Dentro ogni cooperativa batte un cuore generoso e la Latteria Sociale Valtellina lo ha dimostrato nel momento più drammatico della nostra storia recente, donando dispositivi di protezione e prodotti alimentari a chi fronteggia in prima linea il coronavirus, in provincia di Sondrio e a Bergamo, in una delle zone più colpite.

Nei giorni immediatamente seguenti il primo contagio, quando i dispositivi di protezione individuale erano difficili da reperire sul mercato, la cooperativa ha donato quasi 3500 pezzi tra cuffie, mascherine, tute, calzari e camici monouso, indispensabili negli ospedali, all'Azienda Socio Sanitaria Valtellina e Alto Lario. Nelle scorse settimane, subito dopo il lancio dell'idea dell'ospedale da campo alla Fiera di Bergamo, erano stati avviati i colloqui con l'Associazione nazionale alpini attraverso uno dei consiglieri, il valtellinese Mario Rumo, per arrivare in questi giorni all'invio di prodotti che vengono utilizzati per i pasti dei pazienti, del personale sociosanitario e dei volontari, oltre 250 persone. 

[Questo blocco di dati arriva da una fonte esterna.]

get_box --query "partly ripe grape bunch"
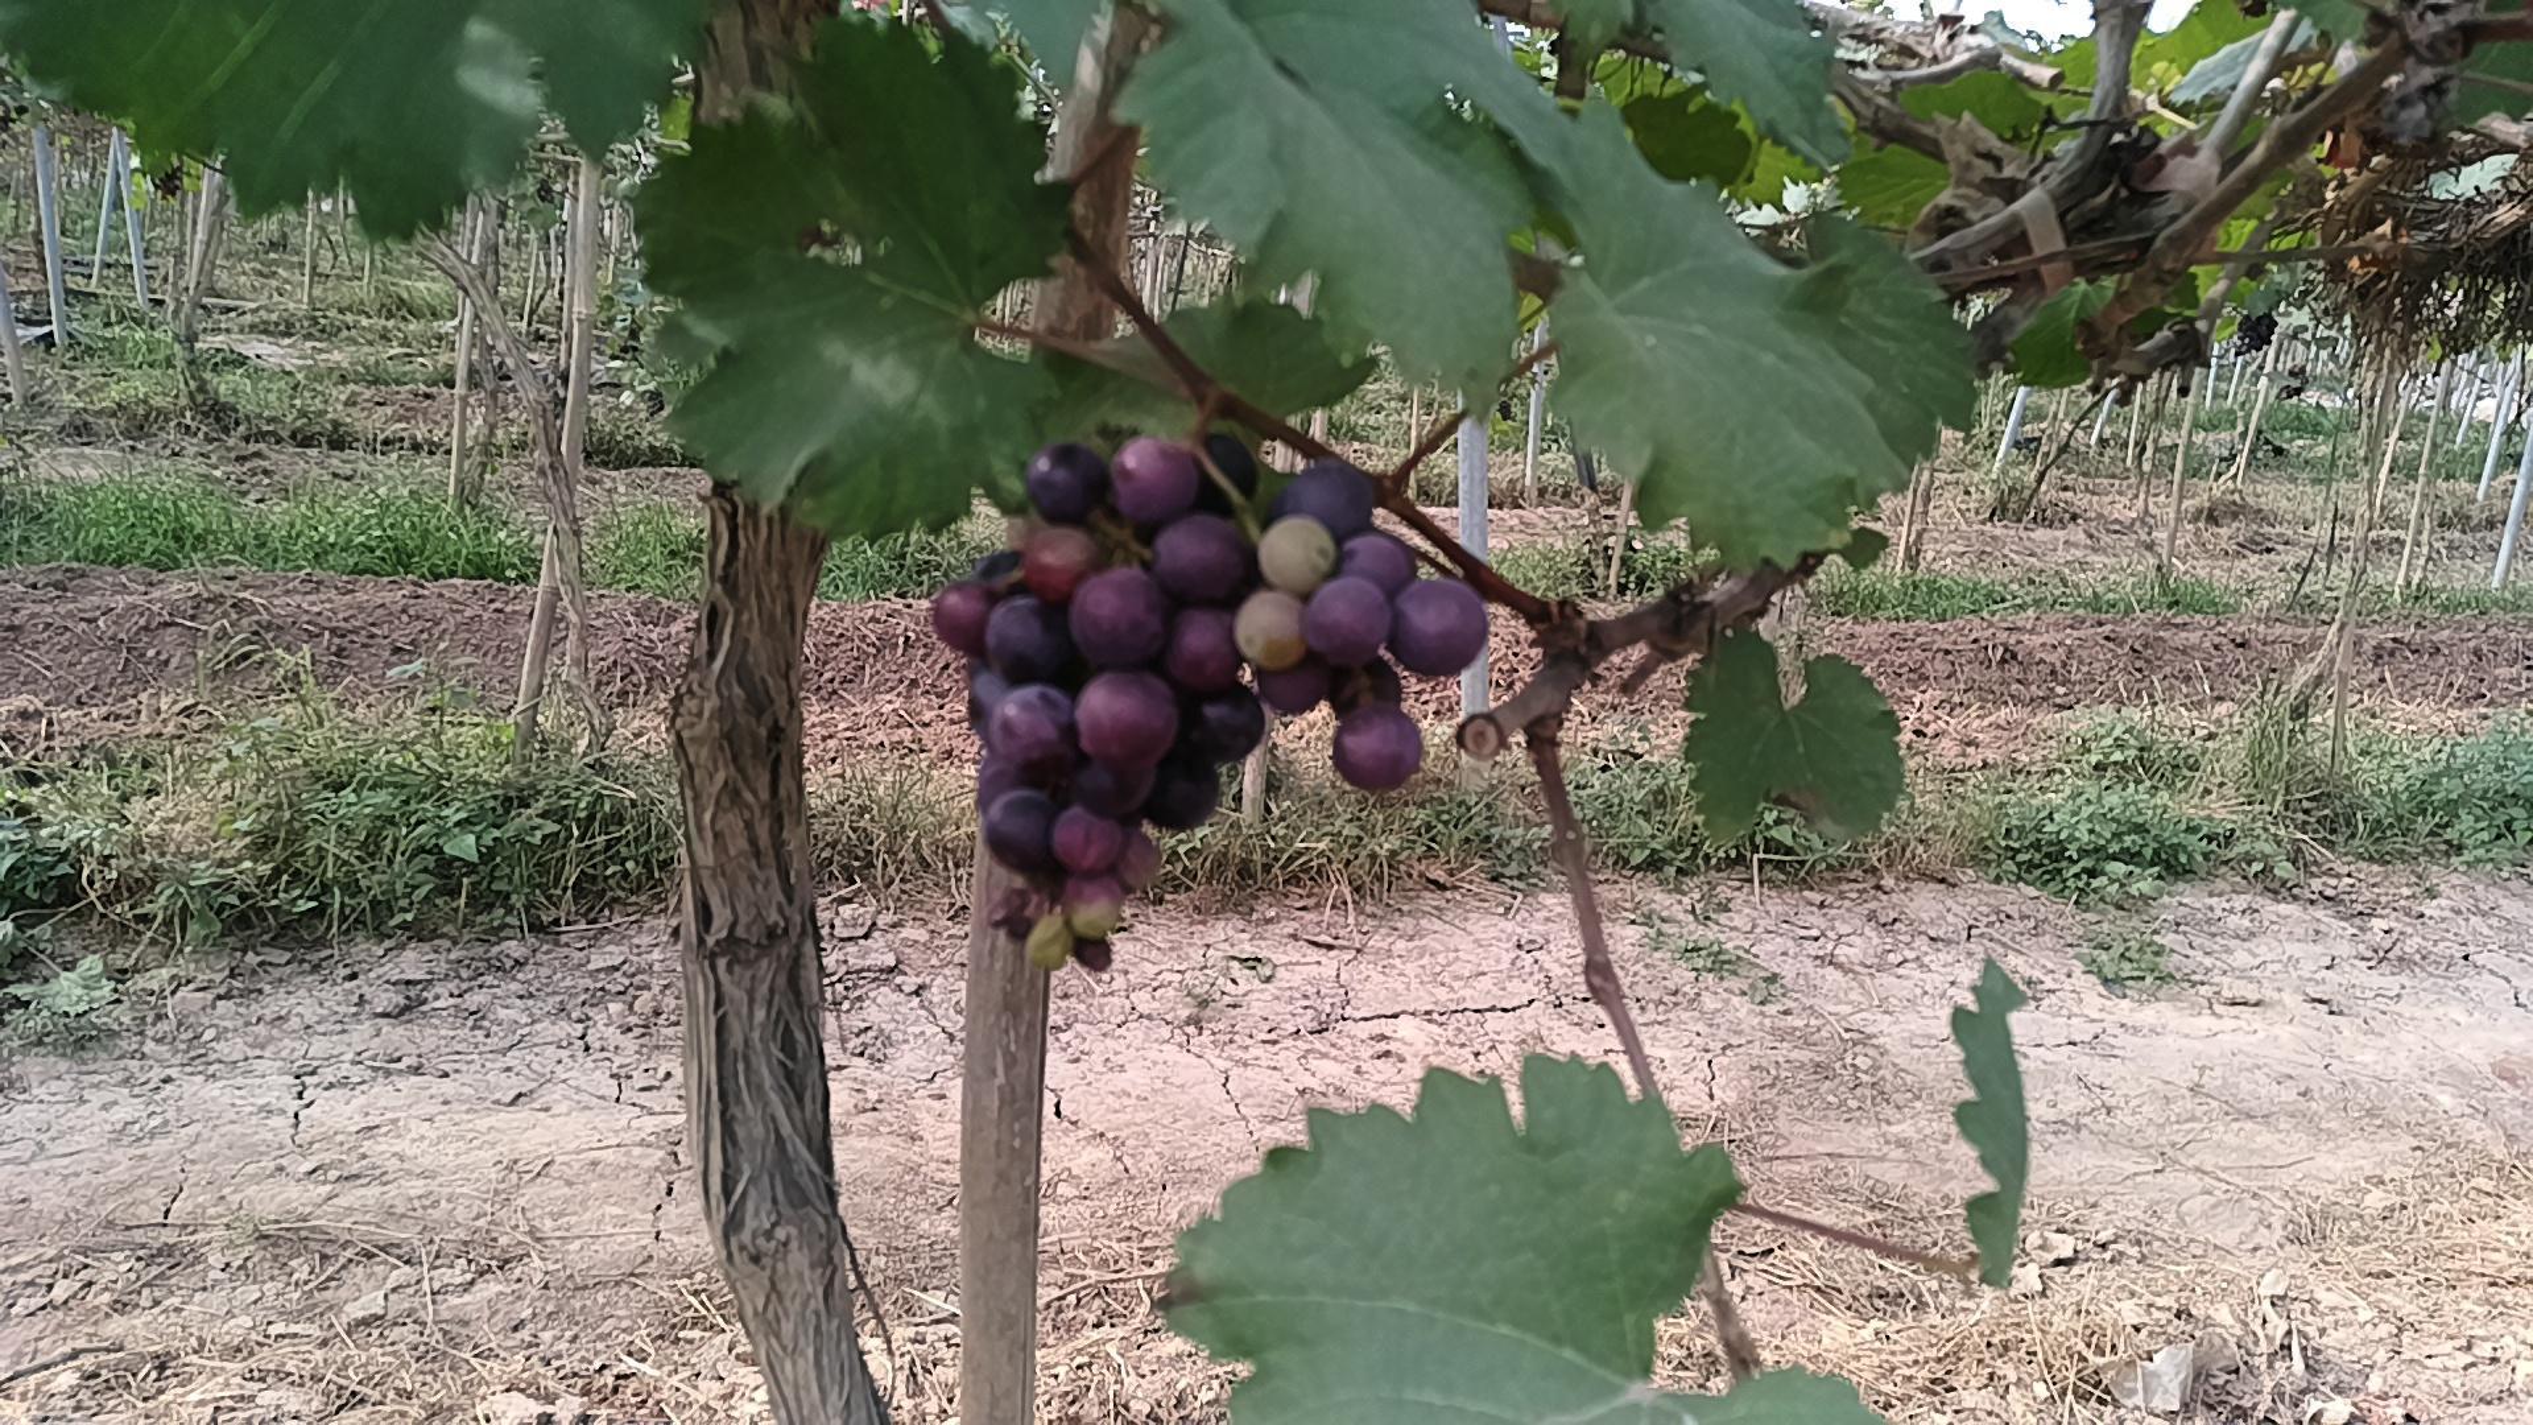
[933,434,1483,970]
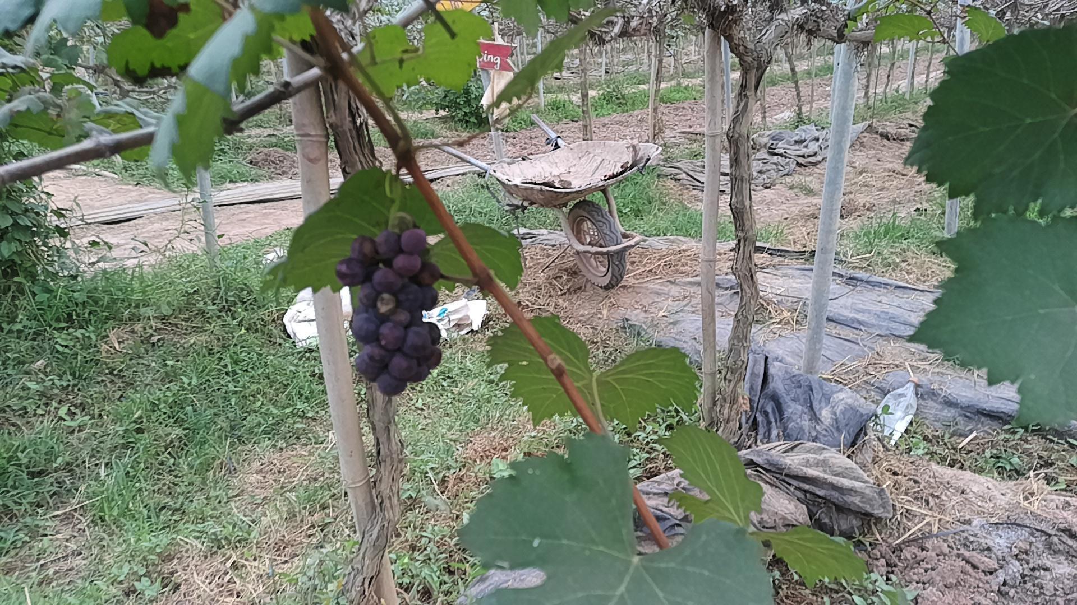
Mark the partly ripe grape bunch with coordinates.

«In questa drammatica situazione - sottolinea il presidente Armando Acquistapace - nello spirito solidale che anima la nostra cooperativa, ci siamo subito attivati per fornire un contributo all'Ospedale Morelli di Sondalo, destinando un quantitativo di dispositivi di protezione che usiamo nella nostra attività. Vogliamo far sentire la vicinanza di tutti i soci allevatori a chi opera in prima linea per la nostra salute e ringraziarli per lo straordinario lavoro che stanno facendo». Ma c'è anche l'iniziativa di Enrico Confortola, socio della Latteria Sociale Valtellina di Valfurva, che con il gruppo allevatori locale ha promosso una raccolta fondi per aiutare l'ospedale da campo allestito dagli Alpini a Bergamo.

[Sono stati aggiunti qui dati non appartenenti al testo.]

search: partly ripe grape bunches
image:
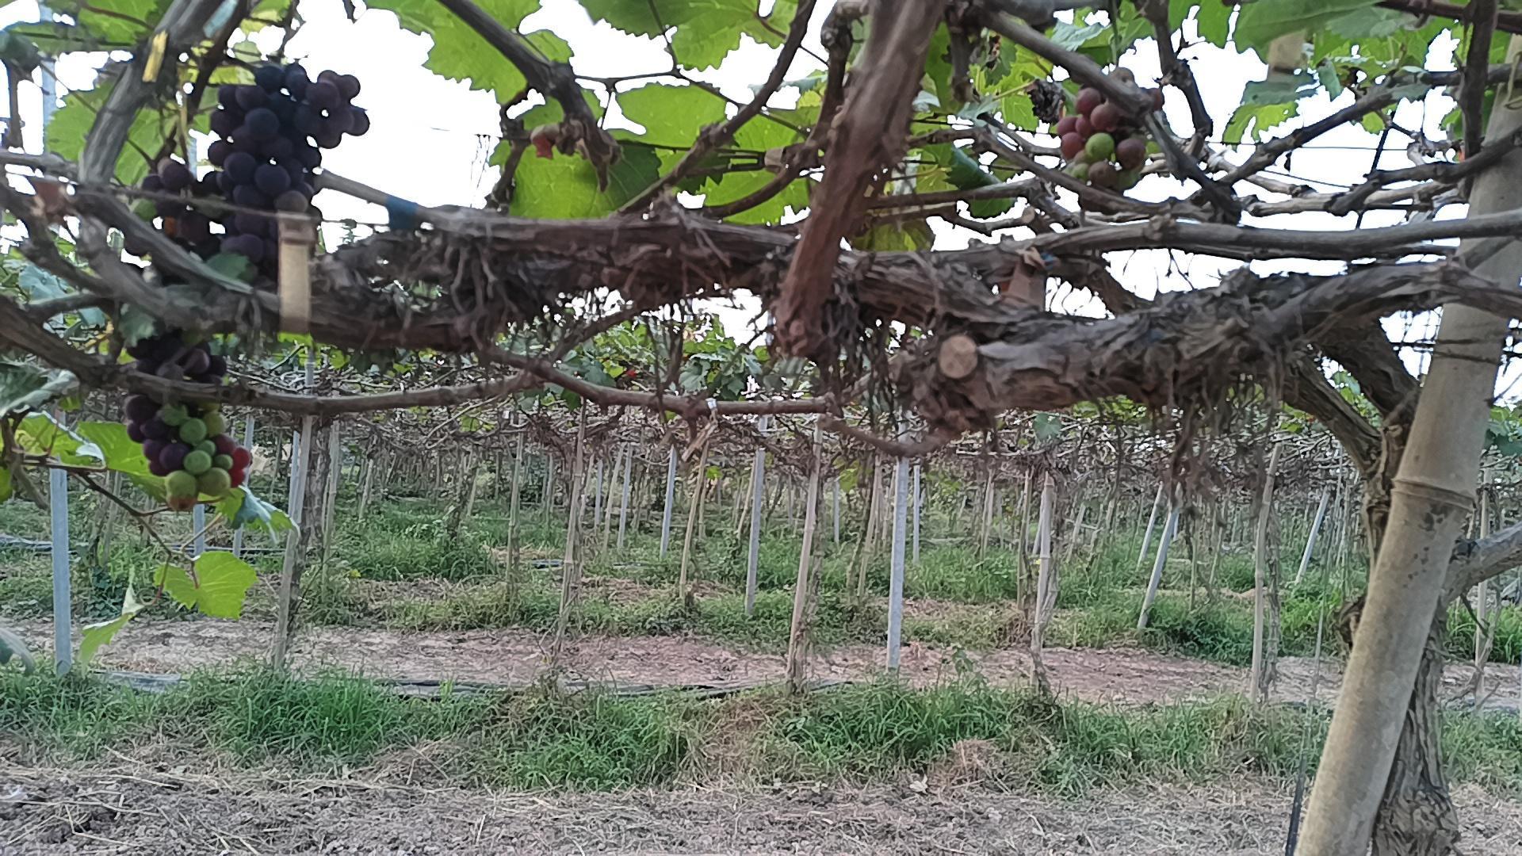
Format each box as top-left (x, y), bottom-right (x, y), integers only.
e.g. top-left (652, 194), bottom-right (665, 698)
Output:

Nell'ospedale da campo allestito in tempo record alla Fiera di Bergamo i ricoveri sono iniziati il 6 aprile scorso: le donazioni, in denaro e in merci, per la costruzione e la gestione della struttura sono arrivate da ogni parte d'Italia e anche dall'estero. La Latteria Sociale Valtellina, già al fianco degli alpini per l'Adunata nazionale di Milano, nel maggio del 2019, e per molte altre iniziative, si è immediatamente proposta per contribuire all'approvvigionamento di generi alimentari per il tramite di Mario Rumo. «Da valtellinese - sottolinea - sono orgoglioso che un'azienda del nostro territorio sostenga la nostra iniziativa di Bergamo. La collaborazione avviata l'anno scorso prosegue con grande soddisfazione di entrambe le parti, in questa emergenza sanitaria serve l'apporto di tutti: noi Alpini siamo in prima linea e possiamo contare sull'aiuto di aziende come la cooperativa e i suoi cento soci allevatori».

L'automezzo partito alla volta di Bergamo trasportava latte, fresco e a lunga conservazione, formaggio di capra, ricottine, caciotte alpine, Piattone e San Marco, oltre a pizzoccheri secchi e alle bisciole del panificio Gualtiero Pontiggia: oltre due quintali di merce. A coordinare l'operazione il responsabile marketing Maurizio Giboli: «Gli Alpini hanno compiuto un'impresa straordinaria - sottolinea - e noi siamo felici di poter fornire il nostro contributo, di essere fra le oltre 700 aziende italiane ed estere che hanno sostenuto questo progetto e di rappresentare la filiera agricola valtellinese attraverso i nostri prodotti. Siamo fieri di partecipare a una straordinaria gara di solidarietà per aiutare i malati e tutte le persone che soffrono a causa del covid-19». 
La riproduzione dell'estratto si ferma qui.